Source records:

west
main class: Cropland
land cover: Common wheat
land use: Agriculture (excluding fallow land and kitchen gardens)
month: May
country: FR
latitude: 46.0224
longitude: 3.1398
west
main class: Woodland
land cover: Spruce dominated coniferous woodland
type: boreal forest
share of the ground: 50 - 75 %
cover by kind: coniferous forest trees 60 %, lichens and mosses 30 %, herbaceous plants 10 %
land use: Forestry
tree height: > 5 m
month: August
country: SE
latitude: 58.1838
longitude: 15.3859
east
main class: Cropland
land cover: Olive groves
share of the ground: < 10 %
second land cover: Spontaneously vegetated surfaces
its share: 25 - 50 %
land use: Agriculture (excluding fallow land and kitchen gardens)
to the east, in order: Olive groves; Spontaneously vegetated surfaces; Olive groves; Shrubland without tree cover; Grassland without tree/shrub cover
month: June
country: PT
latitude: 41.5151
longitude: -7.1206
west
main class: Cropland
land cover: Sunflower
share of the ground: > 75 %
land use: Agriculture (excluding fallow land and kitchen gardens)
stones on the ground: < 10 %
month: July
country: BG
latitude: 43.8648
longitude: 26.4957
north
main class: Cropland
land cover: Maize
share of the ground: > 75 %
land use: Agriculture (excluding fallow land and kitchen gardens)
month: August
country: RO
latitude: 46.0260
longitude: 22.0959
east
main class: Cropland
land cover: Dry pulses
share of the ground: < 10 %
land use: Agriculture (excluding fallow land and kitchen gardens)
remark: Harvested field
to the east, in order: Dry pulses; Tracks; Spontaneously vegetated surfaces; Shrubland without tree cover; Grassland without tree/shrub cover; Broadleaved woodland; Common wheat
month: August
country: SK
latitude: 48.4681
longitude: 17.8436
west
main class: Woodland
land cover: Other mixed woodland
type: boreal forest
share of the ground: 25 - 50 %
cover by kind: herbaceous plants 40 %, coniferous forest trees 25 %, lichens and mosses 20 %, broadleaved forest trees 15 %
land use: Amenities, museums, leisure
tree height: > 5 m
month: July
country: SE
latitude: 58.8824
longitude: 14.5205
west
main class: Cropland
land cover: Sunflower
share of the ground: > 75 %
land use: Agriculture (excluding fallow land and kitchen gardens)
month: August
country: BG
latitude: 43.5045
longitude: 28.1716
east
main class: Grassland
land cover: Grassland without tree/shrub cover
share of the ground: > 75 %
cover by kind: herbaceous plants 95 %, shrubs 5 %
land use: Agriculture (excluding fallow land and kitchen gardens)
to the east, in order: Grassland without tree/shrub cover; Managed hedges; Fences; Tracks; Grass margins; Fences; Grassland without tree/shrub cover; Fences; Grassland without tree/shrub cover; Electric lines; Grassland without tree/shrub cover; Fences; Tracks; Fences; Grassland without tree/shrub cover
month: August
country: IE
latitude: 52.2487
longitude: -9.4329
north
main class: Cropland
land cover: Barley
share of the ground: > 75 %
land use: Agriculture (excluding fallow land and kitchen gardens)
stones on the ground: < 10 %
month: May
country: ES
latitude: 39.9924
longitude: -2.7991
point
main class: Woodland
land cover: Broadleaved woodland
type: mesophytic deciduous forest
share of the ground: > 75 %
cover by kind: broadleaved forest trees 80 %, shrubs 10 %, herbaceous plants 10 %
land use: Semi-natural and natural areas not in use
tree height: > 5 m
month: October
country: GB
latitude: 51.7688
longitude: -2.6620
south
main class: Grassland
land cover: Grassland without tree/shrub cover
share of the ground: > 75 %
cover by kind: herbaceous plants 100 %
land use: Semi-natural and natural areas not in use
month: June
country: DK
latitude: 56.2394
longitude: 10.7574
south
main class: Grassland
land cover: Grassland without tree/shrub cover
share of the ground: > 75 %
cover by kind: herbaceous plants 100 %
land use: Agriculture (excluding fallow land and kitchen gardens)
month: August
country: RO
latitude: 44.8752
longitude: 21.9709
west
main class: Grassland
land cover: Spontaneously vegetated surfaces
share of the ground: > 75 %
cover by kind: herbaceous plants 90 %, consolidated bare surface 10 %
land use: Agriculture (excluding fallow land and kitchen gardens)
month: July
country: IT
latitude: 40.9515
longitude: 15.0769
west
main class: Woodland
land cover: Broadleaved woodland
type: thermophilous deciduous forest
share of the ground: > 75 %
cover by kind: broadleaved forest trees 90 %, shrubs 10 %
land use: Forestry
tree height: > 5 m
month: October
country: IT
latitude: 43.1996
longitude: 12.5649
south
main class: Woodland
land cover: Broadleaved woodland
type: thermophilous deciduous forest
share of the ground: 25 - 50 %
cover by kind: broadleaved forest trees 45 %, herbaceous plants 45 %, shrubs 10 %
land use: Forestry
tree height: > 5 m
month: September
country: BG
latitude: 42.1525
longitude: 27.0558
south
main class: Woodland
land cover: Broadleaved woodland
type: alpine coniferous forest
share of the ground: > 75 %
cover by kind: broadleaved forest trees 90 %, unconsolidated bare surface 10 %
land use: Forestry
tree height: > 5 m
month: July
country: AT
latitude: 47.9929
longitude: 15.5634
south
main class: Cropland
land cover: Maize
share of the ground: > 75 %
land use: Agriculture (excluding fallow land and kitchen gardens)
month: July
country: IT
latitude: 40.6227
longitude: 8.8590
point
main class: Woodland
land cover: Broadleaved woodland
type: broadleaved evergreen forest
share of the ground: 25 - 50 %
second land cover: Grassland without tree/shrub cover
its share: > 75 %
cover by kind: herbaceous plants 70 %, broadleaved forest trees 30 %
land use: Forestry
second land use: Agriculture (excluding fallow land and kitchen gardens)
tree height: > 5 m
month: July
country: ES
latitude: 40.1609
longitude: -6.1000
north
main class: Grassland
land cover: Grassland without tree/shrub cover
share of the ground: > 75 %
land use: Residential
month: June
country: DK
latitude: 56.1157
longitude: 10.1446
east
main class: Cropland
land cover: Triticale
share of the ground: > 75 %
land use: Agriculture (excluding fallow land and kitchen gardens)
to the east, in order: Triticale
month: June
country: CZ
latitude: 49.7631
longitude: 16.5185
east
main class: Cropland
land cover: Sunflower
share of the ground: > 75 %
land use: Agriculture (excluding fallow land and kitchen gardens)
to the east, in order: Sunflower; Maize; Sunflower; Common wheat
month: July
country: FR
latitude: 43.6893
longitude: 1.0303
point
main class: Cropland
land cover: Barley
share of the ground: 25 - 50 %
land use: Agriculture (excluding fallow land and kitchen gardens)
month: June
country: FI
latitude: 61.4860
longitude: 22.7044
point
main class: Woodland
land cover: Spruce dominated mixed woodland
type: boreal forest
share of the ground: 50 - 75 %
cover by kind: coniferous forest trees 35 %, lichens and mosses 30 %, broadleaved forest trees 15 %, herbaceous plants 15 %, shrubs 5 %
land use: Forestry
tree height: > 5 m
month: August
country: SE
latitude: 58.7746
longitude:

TASK PROMPT →
Please print exactly the lines from the one containing "longitude: 10.1446" through the last line of the records, both included, and nothing else.

RESULT FOR THIS TASK →
longitude: 10.1446
east
main class: Cropland
land cover: Triticale
share of the ground: > 75 %
land use: Agriculture (excluding fallow land and kitchen gardens)
to the east, in order: Triticale
month: June
country: CZ
latitude: 49.7631
longitude: 16.5185
east
main class: Cropland
land cover: Sunflower
share of the ground: > 75 %
land use: Agriculture (excluding fallow land and kitchen gardens)
to the east, in order: Sunflower; Maize; Sunflower; Common wheat
month: July
country: FR
latitude: 43.6893
longitude: 1.0303
point
main class: Cropland
land cover: Barley
share of the ground: 25 - 50 %
land use: Agriculture (excluding fallow land and kitchen gardens)
month: June
country: FI
latitude: 61.4860
longitude: 22.7044
point
main class: Woodland
land cover: Spruce dominated mixed woodland
type: boreal forest
share of the ground: 50 - 75 %
cover by kind: coniferous forest trees 35 %, lichens and mosses 30 %, broadleaved forest trees 15 %, herbaceous plants 15 %, shrubs 5 %
land use: Forestry
tree height: > 5 m
month: August
country: SE
latitude: 58.7746
longitude:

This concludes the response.